3. If the equation is in the form ax^2 + bx + c = 0

You need to get this into factorised form.

Find two numbers (d and e) that match the following equations:
de = ac (and therefore: d/a = e/c, which is important later)
d+e = b

Now you can rearrange the formula to this:
ax^2 + dx + ex + c = 0

Factorise the first two terms, and the last two terms seperately:
ax^2 + dx = ax(x + d/a)
ex + c = e(x + c/e)

And because d/a = c/e (as shown above), we’ll make it easier by having f = d/a = c/e.
The new equations:
ax(x + f)
e(x + f)

And now to add them together again:
ax(x + f) + e(x + f) = 0
(ax + e)(x + f) = 0

Now continue with method #2 above.

4. For other equations

Rearrange into ax^2 + bx + c = 0, then use method #3.

Note: For programming purposes, use the quadratic formula.

It doesn’t take that long, and it’s the way that the formula you memorise was derived.

If you’re needing to solve quadratic equations for a game, be aware that there are numerical issues with one half of -b +/- sqrt(b^2 - 4ac) when 4ac is small. The way to handle this is to have a case split on the sign of b and then to use the fact that the product of the roots is c/a.

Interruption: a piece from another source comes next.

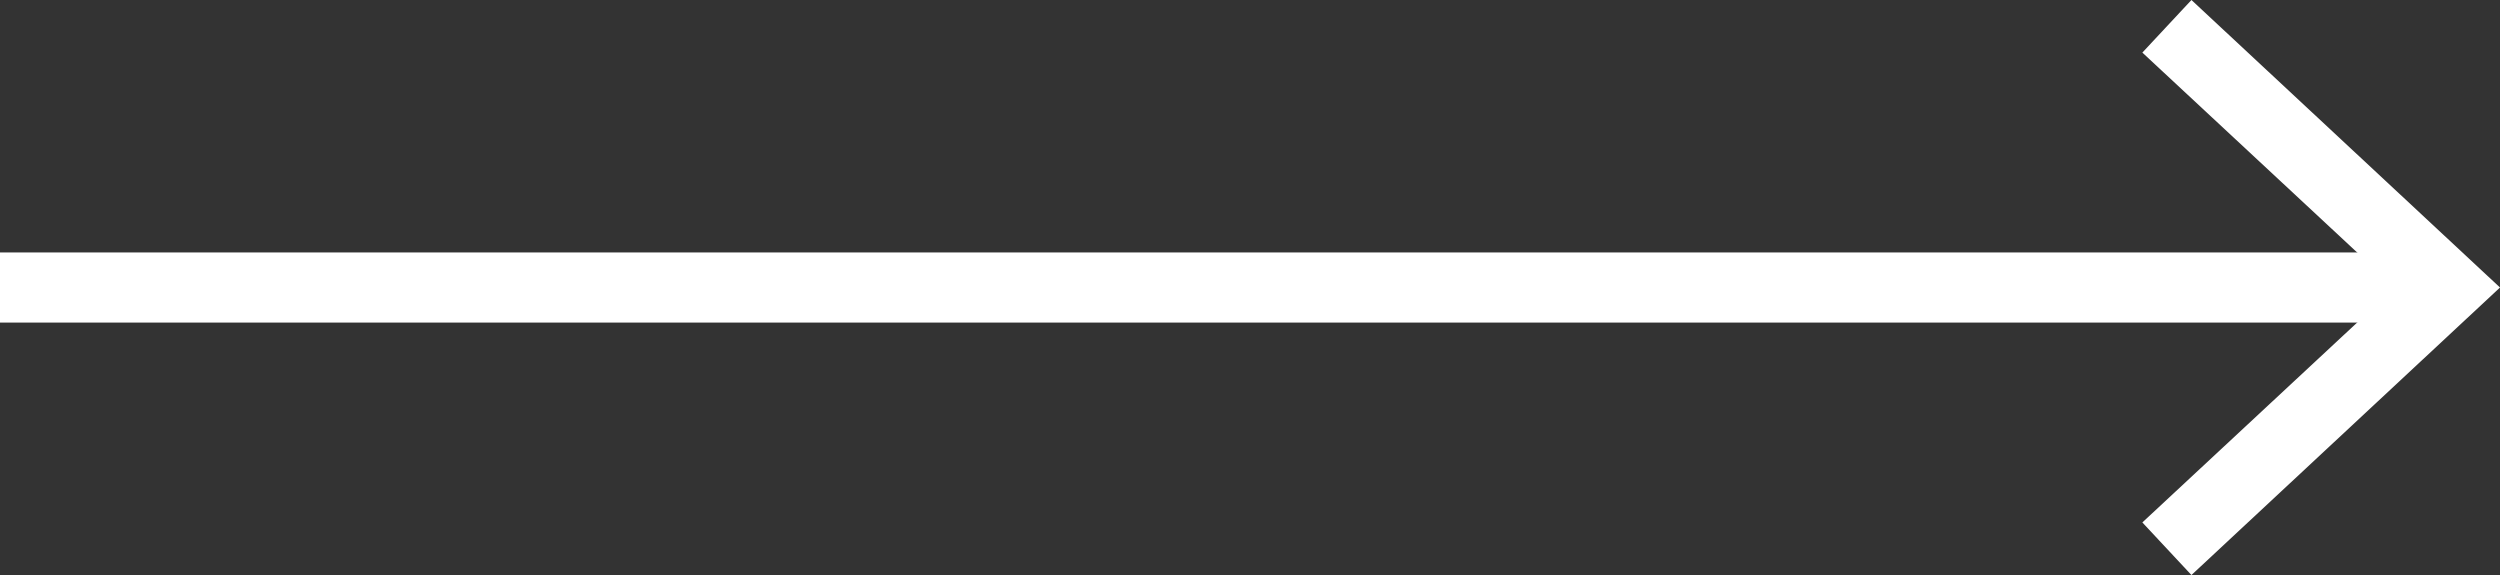 <?xml version="1.0" encoding="UTF-8"?><svg id="Layer_2" xmlns="http://www.w3.org/2000/svg" viewBox="0 0 71.3 16.4"><rect x="0" y="0" width="71.3" height="16.4" fill="#333333" stroke="none"/><defs><style>.cls-1{fill:#fff;}.cls-2{fill:none;stroke:#fff;stroke-miterlimit:10;stroke-width:2px;}</style></defs><g id="Layer_2-2"><g id="Layer_1-2"><g><line class="cls-2" y1="8.2" x2="69.1" y2="8.2"/><polygon class="cls-1" points="62.5 16.4 61.1 14.9 68.3 8.2 61.1 1.5 62.5 0 71.3 8.2 62.5 16.4"/></g></g></g></svg>

Completing the square is way easier if the variable a in the quadratic equation does not have coefficients, e.g. x² + 3x + 2. Then it’s by far way simpler than having to write out the whole quadratic formula and solve it. But if you have a coefficient for the variable a, it takes way too long.

Ah, I understand now. I guess just the way you worded it made me think differently.

Not necessarily true. The multiples of the coefficient of “a” you can plugin on the left of a matrix - and the multiples of “c” you can plug in on the right. For example: 5x² + 12x + 4

5|2

1|2

Cross multiply and add 52 + 21 = 12. Which means this is the solution, because it equals the coefficient of x (middle term) - to convert into 2 binomials just do (5x + 2)(x + 2). Obviously, you still have to plug in some numbers, but this way is a lot faster.